Reklama

Mikołajki z Teatrem Dramatycznym – spektakle dla całych rodzin

Instytucja proponuje najmłodszym widzom oraz ich rodzicom spektakl „Koziołek Matołek, Węgierka i Olek”. W ofercie teatru znajdują się również „Skąpiec” i „Makbet”.


– Repertuar na listopad i grudzień został przygotowany też z myślą o dzieciach, młodzieży i ich opiekunach. Zależy nam na tym, aby poprzez spektakle takie jak „Skąpiec”, „Makbet” i „Koziołek Matołek, Węgierka i Olek” do teatru przyszły całe rodziny i razem doświadczyły magii teatru, w którym prawdziwe emocje są na wyciągnięcie ręki – zauważa Piotr Półtorak, dyrektor Teatru Dramatycznego im. Aleksandra Węgierki w Białymstoku.

Klasyczne spektakle dla całych rodzin

16 i 17 listopada miłośnicy klasycznych przedstawień mogą obejrzeć „Skąpca” Moliera w reżyserii Tomasz Mana. To komedia utrzymana w konwencji dell’arte o chorobliwej miłości do pieniędzy i perypetiach związanych z nadmiernym przywiązaniem do bogactwa. Harpagon, główny bohater sztuki, zaaranżował córce i synowi małżeństwa „korzystne” tylko dla niego. Czy jego plan się powiedzie?

Następną propozycją Teatru Dramatycznego jest widowisko „Makbet” Williama Shakespeare’a w reżyserii Grzegorza Suskiego. To uniwersalna opowieść o mechanizmach rządzących wojną, władzą, polityką i życiem ludzi. W sztuce wybrzmiewa również ważne pytanie: skąd się bierze zło. W białostockiej inscenizacji „Makbeta” ważną rolę odgrywają barwne, interesujące – niekiedy wręcz okrutne – postaci kobiet. To one są tu osobami, wokół których toczy się akcja. Spektakl przeznaczony jest nie tylko dla dorosłych widzów, lecz także dla młodzieży. Przedstawienie będzie można obejrzeć 30 listopada i 1 grudnia.

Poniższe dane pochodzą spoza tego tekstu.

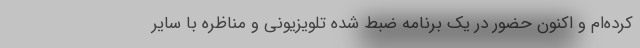
کرده‌ام و اکنون حضور در یک برنامه ضبط شده تلویزیونی و مناظره با سایر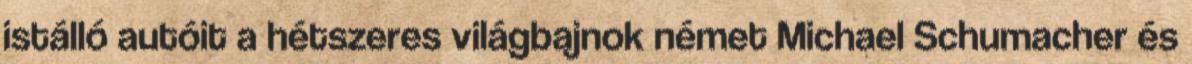
istálló autóit a hétszeres világbajnok német Michael Schumacher és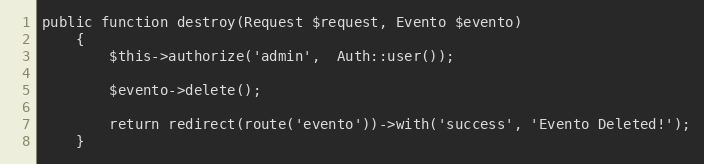
Language: PHP
public function destroy(Request $request, Evento $evento)
	{
		$this->authorize('admin',  Auth::user());

		$evento->delete();

		return redirect(route('evento'))->with('success', 'Evento Deleted!');
	}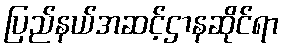
ပြည်နယ်အဆင့်ဌာနဆိုင်ရာ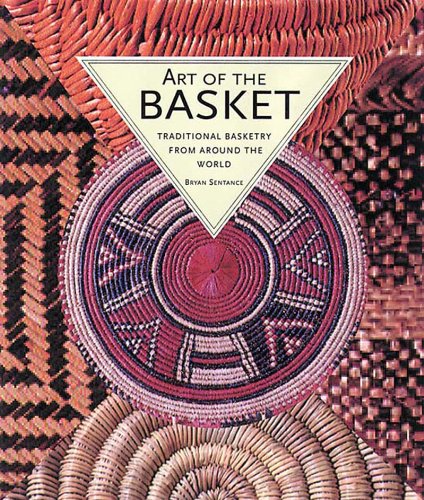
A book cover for Art of the Basket: Traditional Basketry from Around the World; Bryan Sentance; Crafts, Hobbies & Home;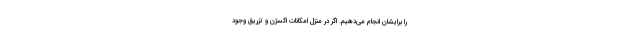
را برایشان انجام می‌دهیم‌. اگر در منزل امکانات اکسژن و تزریق وجود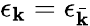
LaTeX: \epsilon_{\mathbf{k}}=\epsilon_{\bar{{\mathbf{k}}}}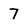
Character: 7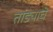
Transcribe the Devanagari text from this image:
तांड्याचे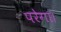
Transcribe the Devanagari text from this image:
परेगा।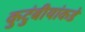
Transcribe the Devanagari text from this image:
कुटुंबीयांकडे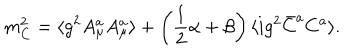
LaTeX: m _ { C } ^ { 2 } = \langle g ^ { 2 } A _ { \mu } ^ { a } A _ { \mu } ^ { a } \rangle + \left( { \frac { 1 } { 2 } } \alpha + \beta \right) \langle i g ^ { 2 } \bar { C } ^ { a } C ^ { a } \rangle .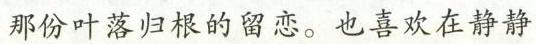
那份叶落归根的留恋。也喜欢在静静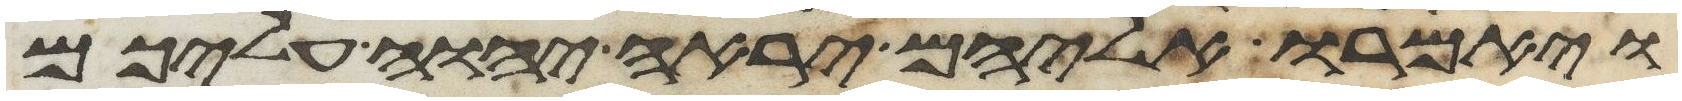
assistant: ויאמרו אליהם יראה יהוה עליכם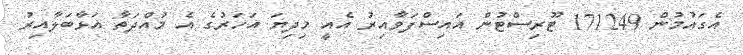
އެގައުމުން 171249 ޓޫރިސްޓުން އައިސްފަވާއިރު އެއީ މިދިޔަ އަހަރުގެ އެ މުއްދަތާ އަޅާބަލާއިރު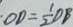
\cdot O D = \frac { 1 } { 2 } D B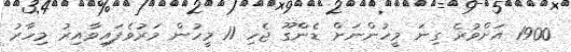
1900 އަށްވުރެ ގިނަ މީހުންނަށް ޑެންގޫ ޖެހި 11 މީހުން މަރުވެފައިވާއިރު މިހާރު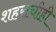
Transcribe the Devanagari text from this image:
शहराचीही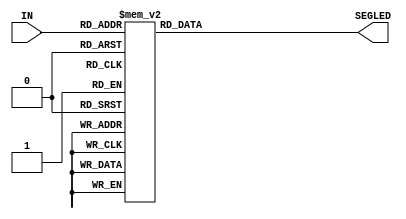
//////////////////////////////////////////////////////////////////////////
//binary to segment LED converter 
// converts from 4bit input to coresponding 
module bin2HexLED (IN, SEGLED);
   input [3:0] IN;
   output [6:0] SEGLED;
   reg [6:0] 	SEGLED;
   
   always @(IN) begin
      case (IN)
	4'h0: SEGLED <= 7'b0111111;
	4'h1: SEGLED <= 7'b0000110;
	4'h2: SEGLED <= 7'b1011011;
	4'h3: SEGLED <= 7'b1001111;
	4'h4: SEGLED <= 7'b1100110;
	4'h5: SEGLED <= 7'b1101101;
	4'h6: SEGLED <= 7'b1111101;
	4'h7: SEGLED <= 7'b0000111;
	4'h8: SEGLED <= 7'b1111111;
	4'h9: SEGLED <= 7'b1100111;
	4'hA: SEGLED <= 7'b1110111;
	4'hB: SEGLED <= 7'b1111100;
	4'hC: SEGLED <= 7'b1011000;
	4'hD: SEGLED <= 7'b1011110;
	4'hE: SEGLED <= 7'b1111001;
	4'hF: SEGLED <= 7'b1110001;
      endcase
   end
endmodule // HEXLED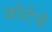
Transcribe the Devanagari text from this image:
कोर्टचे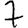
Digit: 7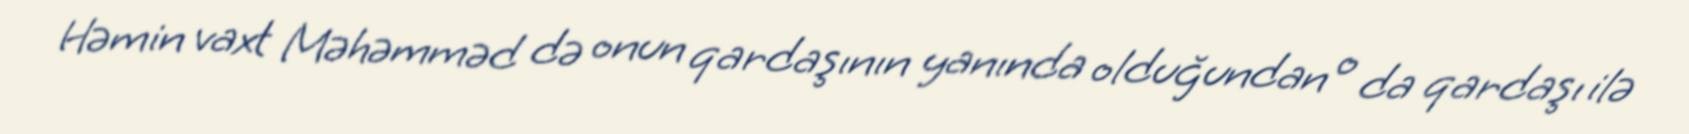
Həmin vaxt Məhəmməd də onun qardaşının yanında olduğundan o da qardaşı ilə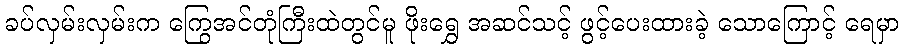
ခပ်လှမ်းလှမ်းက ကြွေအင်တုံကြီးထဲတွင်မူ ဖိုးရွှေ အဆင်သင့် ဖွင့်ပေးထားခဲ့ သောကြောင့် ရေမှာ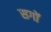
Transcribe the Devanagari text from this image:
सगों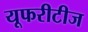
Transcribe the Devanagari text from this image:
यूफरीटीज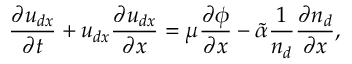
\frac { \partial { u } _ { d x } } { \partial t } + { u } _ { d x } \frac { \partial { u } _ { d x } } { \partial x } = \mu \frac { \partial \phi } { \partial x } - \tilde { \alpha } \frac { 1 } { n _ { d } } \frac { \partial n _ { d } } { \partial x } ,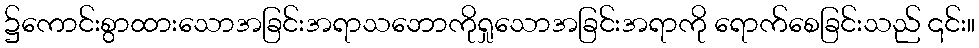
၌ကောင်းစွာထားသောအခြင်းအရာသဘောကိုရှုသောအခြင်းအရာကို ရောက်စေခြင်းသည် ၎င်း။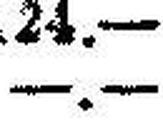
—.—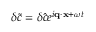
\delta \tilde { c } = \delta \hat { c } e ^ { i \mathbf { q } \cdot \mathbf { x } + \omega t }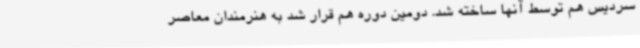
سردیس هم توسط آنها ساخته شد. دومین دوره هم قرار شد به هنرمندان معاصر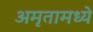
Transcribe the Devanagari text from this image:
अमृतामध्ये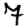
Digit: 7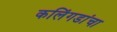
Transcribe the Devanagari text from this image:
कलिंगडांचा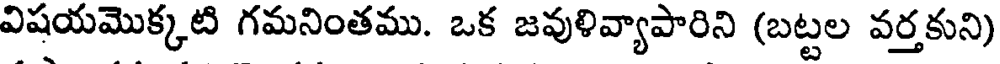
విషయమొక్కటి గమనింతము. ఒక జవుళివ్యాపారిని (బట్టల వర్తకుని)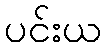
ပင်းယ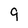
Character: 9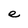
Character: e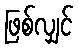
ဖြစ်လျှင်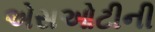
એસઓટીની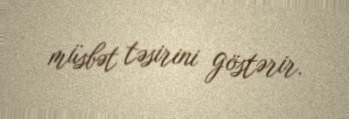
müsbət təsirini göstərir.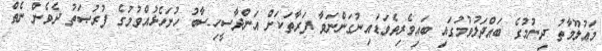
މަޢުލޫމާތު ދިނުމުގެ ބައްދަލުވުމުގައި ބައިވެރިވެވަޑައިނުގަންނަވާ ފަރާތަކަށް އަންދާސީހިސާބު ހުށަހެޅުއްވުމުގެ ފުރުޞަތު ދެވެން ނެތް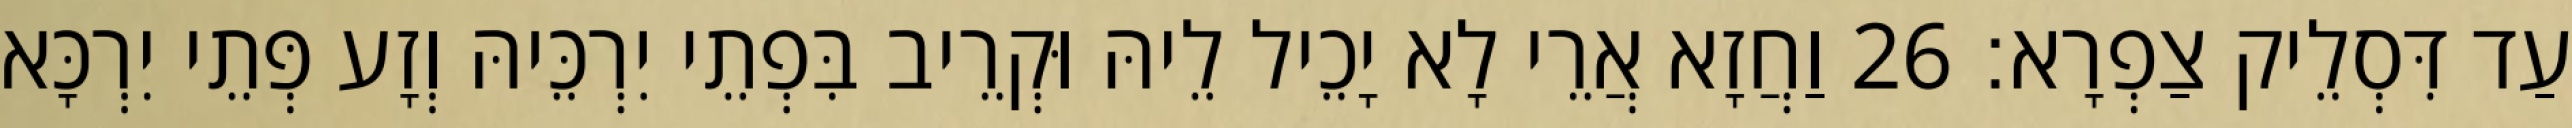
עַד דִּסְלֵיק צַפְרָא׃ 26 וַחֲזָא אֲרֵי לָא יָכֵיל לֵיהּ וּקְרֵיב בִּפְתֵי יִרְכֵּיהּ וְזָע פְּתֵי יִרְכָּא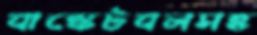
বাস্কেটবলসহ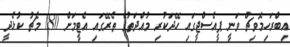
އިބްރަހިމޮވިޗް ވަނީ ޕީއެސްޖީގައި ހޭދަކުރި މުއްދަތުގެ ތެރޭގައި އެޓީމަށް 180 މެޗު ކުޅެދީ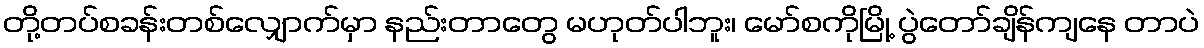
တို့တပ်စခန်းတစ်လျှောက်မှာ နည်းတာတွေ မဟုတ်ပါဘူး၊ မော်စကိုမြို့ ပွဲတော်ချိန်ကျနေ တာပဲ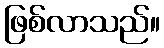
ဖြစ်လာသည်။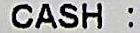
CASH :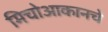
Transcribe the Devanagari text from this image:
मिचोआकानचे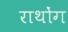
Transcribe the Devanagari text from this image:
राथोंग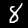
Label: 8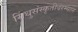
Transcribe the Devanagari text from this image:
सिंधुसंस्कृतीदरम्यान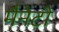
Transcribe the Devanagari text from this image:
मैनेटी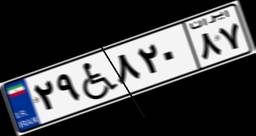
۷۴W۶۰۸۷۳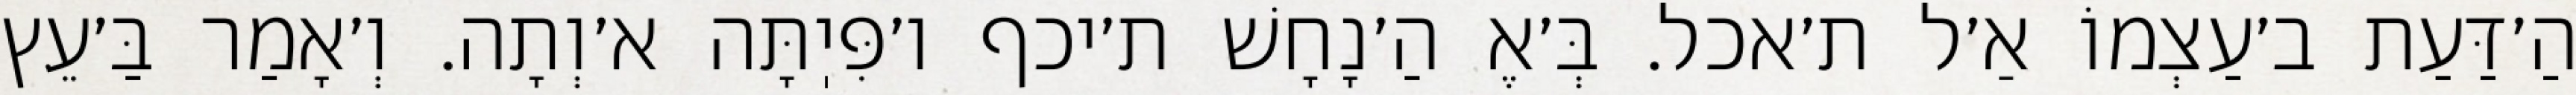
הַ׳דַּעַת ב׳עַצְמוֹ אַ׳ל ת׳אכל. בְּ׳אֶ הַ׳נָחָשׁ ת׳יכף ו׳פִּיֽתָּה א׳וְתָה. וְ׳אָמַר בַּ׳עֵּץ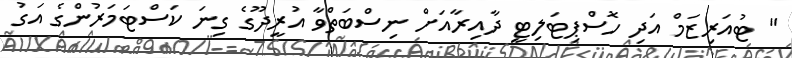
" ޓުއަރިޒަމް އަދި ހޮސްޕިޓަލިޓީ ދާއިރާއަށް ނިސްބަތްވާ އުރީދޫގެ ގިނަ ކަސްޓަމަރުންގެ އަގު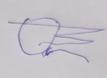
Signature authenticity: forged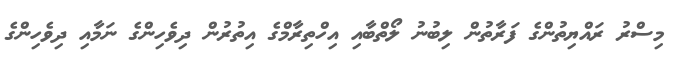
މިސްރު ރައްޔިތުންގެ ފަރާތުން ލިބުނު ލޯތްބާއި އިހްތިރާމްގެ އިތުރުން ދިވެހިންގެ ނަމާއި ދިވެހިންގެ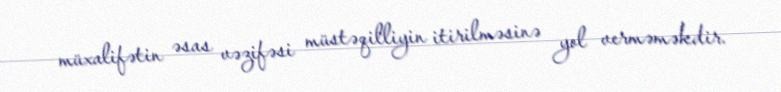
müxalifətin əsas vəzifəsi müstəqilliyin itirilməsinə yol verməməkdir.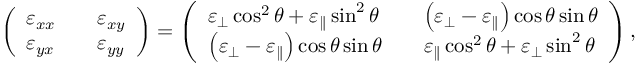
\begin{array} { r } { \left( \begin{array} { l l l } { \varepsilon _ { x x } } & & { \varepsilon _ { x y } } \\ { \varepsilon _ { y x } } & & { \varepsilon _ { y y } } \end{array} \right) = \left( \begin{array} { l l l } { \varepsilon _ { \perp } \cos ^ { 2 } \theta + \varepsilon _ { \parallel } \sin ^ { 2 } \theta } & & { \left( \varepsilon _ { \perp } - \varepsilon _ { \parallel } \right) \cos \theta \sin \theta } \\ { \left( \varepsilon _ { \perp } - \varepsilon _ { \parallel } \right) \cos \theta \sin \theta } & & { \varepsilon _ { \parallel } \cos ^ { 2 } \theta + \varepsilon _ { \perp } \sin ^ { 2 } \theta } \end{array} \right) , } \end{array}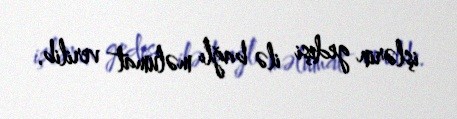
işlərin gedişi ilə bağlı məlumat verilib.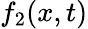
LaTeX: f_{2}(x,t)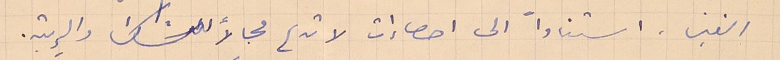
الغبن. استناداً الى احصاإت لا تدع مجالاً للشك والريبة.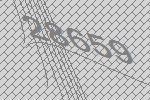
28659

– Spektakl „Makbet” wymaga ode mnie bardzo dużego skupienia, a także przygotowania do grania w zupełnie inny sposób z tego względu, że gram Seytona, czyli ni to śmierć, ni to diabła, zatem postać zupełnie inną od moich dotychczasowych ról. Bardzo serdecznie polecam spotkanie z „Makbetem”, dlatego że jest to klasyka zrobiona w bardzo współczesny sposób, z pięknymi kostiumami, z nieco inną interpretacją tekstu – mówi Monika Zaborska, aktorka Teatru Dramatycznego.